Our policy is that all such questions should be settled objectively in a reproducible manner. That means a new benchmark should be added that can demonstrate the effect of the library change in question, and consensus reached on the utility of that particular benchmark (which is always a somewhat subjective issue). Once the benchmark is in, then objective reports of benchmark results before and after a change on various hardware must be shown to justify the library change. The onus for making all this happen is on the person who wants to change the code from its status quo.

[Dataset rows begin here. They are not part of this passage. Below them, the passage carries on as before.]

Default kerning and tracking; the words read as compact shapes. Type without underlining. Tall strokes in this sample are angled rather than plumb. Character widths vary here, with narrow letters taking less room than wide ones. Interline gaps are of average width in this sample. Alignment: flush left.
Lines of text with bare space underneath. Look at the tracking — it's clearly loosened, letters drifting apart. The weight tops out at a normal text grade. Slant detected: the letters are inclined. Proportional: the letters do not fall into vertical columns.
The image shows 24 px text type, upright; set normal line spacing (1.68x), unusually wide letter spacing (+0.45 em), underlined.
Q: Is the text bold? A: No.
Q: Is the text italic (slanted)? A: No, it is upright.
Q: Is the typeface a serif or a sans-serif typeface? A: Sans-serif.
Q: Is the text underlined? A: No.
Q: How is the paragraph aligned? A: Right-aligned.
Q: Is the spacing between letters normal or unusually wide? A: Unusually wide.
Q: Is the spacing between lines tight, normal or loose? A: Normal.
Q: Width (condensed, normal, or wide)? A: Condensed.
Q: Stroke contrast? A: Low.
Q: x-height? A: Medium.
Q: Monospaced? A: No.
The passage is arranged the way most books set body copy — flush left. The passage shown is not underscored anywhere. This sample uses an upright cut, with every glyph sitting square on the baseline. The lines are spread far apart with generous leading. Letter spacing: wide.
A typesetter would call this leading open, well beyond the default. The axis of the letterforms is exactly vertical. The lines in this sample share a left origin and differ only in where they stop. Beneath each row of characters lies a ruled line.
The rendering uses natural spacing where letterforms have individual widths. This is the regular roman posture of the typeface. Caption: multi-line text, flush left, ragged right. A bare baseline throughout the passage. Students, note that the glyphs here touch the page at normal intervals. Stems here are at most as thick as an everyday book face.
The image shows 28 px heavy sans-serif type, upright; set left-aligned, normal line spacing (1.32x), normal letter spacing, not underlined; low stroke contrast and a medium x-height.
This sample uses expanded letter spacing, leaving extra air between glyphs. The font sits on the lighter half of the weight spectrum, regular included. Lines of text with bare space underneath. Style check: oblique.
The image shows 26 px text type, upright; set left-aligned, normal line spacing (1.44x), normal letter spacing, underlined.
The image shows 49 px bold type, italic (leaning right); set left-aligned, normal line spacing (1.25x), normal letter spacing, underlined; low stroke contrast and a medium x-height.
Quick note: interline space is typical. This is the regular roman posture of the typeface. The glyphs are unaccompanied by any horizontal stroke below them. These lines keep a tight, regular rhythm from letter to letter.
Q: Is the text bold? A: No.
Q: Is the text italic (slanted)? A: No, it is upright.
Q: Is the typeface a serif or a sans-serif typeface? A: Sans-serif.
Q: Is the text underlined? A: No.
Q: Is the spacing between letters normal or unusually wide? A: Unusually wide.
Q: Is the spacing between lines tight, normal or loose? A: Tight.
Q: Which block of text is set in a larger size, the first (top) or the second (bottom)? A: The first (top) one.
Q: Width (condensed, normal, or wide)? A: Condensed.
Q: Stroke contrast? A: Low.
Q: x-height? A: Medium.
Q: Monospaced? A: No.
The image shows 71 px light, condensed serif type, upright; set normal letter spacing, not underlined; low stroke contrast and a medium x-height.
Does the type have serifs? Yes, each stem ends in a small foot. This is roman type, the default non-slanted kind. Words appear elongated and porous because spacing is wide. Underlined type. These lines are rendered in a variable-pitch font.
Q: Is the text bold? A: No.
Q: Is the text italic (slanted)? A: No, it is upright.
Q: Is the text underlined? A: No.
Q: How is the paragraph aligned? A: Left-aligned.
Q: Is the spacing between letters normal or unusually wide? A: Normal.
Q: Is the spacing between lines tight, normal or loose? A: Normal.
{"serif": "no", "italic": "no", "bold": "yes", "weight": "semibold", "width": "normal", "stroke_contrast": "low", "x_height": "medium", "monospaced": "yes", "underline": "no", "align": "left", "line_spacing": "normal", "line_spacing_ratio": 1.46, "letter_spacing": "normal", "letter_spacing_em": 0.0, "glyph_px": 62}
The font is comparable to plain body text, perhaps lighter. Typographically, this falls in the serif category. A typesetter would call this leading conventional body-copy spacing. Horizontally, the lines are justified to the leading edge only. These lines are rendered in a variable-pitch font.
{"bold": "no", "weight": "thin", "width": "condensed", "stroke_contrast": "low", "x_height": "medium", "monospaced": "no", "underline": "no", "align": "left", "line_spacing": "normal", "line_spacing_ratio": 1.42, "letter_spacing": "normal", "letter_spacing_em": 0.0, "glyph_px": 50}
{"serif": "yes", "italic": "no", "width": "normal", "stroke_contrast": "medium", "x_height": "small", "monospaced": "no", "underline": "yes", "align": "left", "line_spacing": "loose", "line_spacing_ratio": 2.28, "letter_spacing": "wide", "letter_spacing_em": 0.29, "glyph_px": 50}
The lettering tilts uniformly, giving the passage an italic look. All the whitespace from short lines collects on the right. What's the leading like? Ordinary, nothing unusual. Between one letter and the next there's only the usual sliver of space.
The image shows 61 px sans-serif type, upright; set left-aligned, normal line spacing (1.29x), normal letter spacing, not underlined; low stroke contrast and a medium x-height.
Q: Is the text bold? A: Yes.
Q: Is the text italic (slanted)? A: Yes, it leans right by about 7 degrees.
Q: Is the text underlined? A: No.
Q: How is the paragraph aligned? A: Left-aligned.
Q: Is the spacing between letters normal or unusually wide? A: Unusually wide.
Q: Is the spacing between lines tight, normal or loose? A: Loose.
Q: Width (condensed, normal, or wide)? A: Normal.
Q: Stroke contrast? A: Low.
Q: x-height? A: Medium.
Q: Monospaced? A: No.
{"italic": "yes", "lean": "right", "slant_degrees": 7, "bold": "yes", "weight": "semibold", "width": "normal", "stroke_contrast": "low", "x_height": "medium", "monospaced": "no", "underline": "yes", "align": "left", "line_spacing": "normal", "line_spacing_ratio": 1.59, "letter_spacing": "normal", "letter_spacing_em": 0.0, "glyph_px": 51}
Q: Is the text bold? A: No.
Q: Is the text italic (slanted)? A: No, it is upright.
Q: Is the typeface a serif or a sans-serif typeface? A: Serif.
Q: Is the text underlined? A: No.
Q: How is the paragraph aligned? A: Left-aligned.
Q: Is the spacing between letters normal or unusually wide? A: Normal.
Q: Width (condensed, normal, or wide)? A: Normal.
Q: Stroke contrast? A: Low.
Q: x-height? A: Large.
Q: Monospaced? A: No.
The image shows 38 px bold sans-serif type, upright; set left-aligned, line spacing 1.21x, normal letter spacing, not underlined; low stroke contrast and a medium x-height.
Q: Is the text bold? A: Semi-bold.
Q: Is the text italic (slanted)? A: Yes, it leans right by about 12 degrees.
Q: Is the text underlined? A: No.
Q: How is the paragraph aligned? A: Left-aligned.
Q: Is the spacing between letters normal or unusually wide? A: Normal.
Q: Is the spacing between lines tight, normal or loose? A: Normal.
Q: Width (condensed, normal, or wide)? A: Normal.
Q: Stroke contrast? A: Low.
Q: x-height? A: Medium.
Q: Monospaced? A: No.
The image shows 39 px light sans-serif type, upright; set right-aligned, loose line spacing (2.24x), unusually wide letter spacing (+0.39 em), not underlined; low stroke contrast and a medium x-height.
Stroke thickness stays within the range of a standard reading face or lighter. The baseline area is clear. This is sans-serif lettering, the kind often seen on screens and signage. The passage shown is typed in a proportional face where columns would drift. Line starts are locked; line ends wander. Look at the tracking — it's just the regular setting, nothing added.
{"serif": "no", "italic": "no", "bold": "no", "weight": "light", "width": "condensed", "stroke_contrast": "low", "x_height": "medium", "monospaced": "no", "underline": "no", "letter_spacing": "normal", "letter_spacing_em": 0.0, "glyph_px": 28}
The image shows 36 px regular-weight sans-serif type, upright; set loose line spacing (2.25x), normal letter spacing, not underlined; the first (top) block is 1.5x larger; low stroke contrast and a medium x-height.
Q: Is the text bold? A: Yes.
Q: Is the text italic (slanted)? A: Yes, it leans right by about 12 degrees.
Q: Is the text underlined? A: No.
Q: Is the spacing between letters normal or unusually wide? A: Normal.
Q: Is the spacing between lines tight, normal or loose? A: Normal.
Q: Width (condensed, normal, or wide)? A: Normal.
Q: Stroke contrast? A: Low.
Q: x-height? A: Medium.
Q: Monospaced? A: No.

On Tue, 2015-06-09 at 14:05 -0700, Roland McGrath wrote: > Our policy is that all such questions should be settled objectively in a > reproducible manner. That means a new benchmark should be added that can > demonstrate the effect of the library change in question, and consensus > reached on the utility of that particular benchmark (which is always a > somewhat subjective issue). Once the benchmark is in, then objective > reports of benchmark results before and after a change on various hardware > must be shown to justify the library change. The onus for making all this > happen is on the person who wants to change the code from its status quo. > In https://sourceware.org/ml/libc-alpha/2015-06/msg00032.html Raja provided the results for the existing benchmark. So we have meet your and the community requirement. Ondřej Bílka is asserting that not good enough based based on his opinion that the algorithm is flawed. But he has not provide a benchmark that we can use to verify this. Since we do not understand what the problem is, we can not provide a new benchmark. If Ondřej Bílka believes there is a problem that only he understands then the onus is on him to provide the appropriate benchmark.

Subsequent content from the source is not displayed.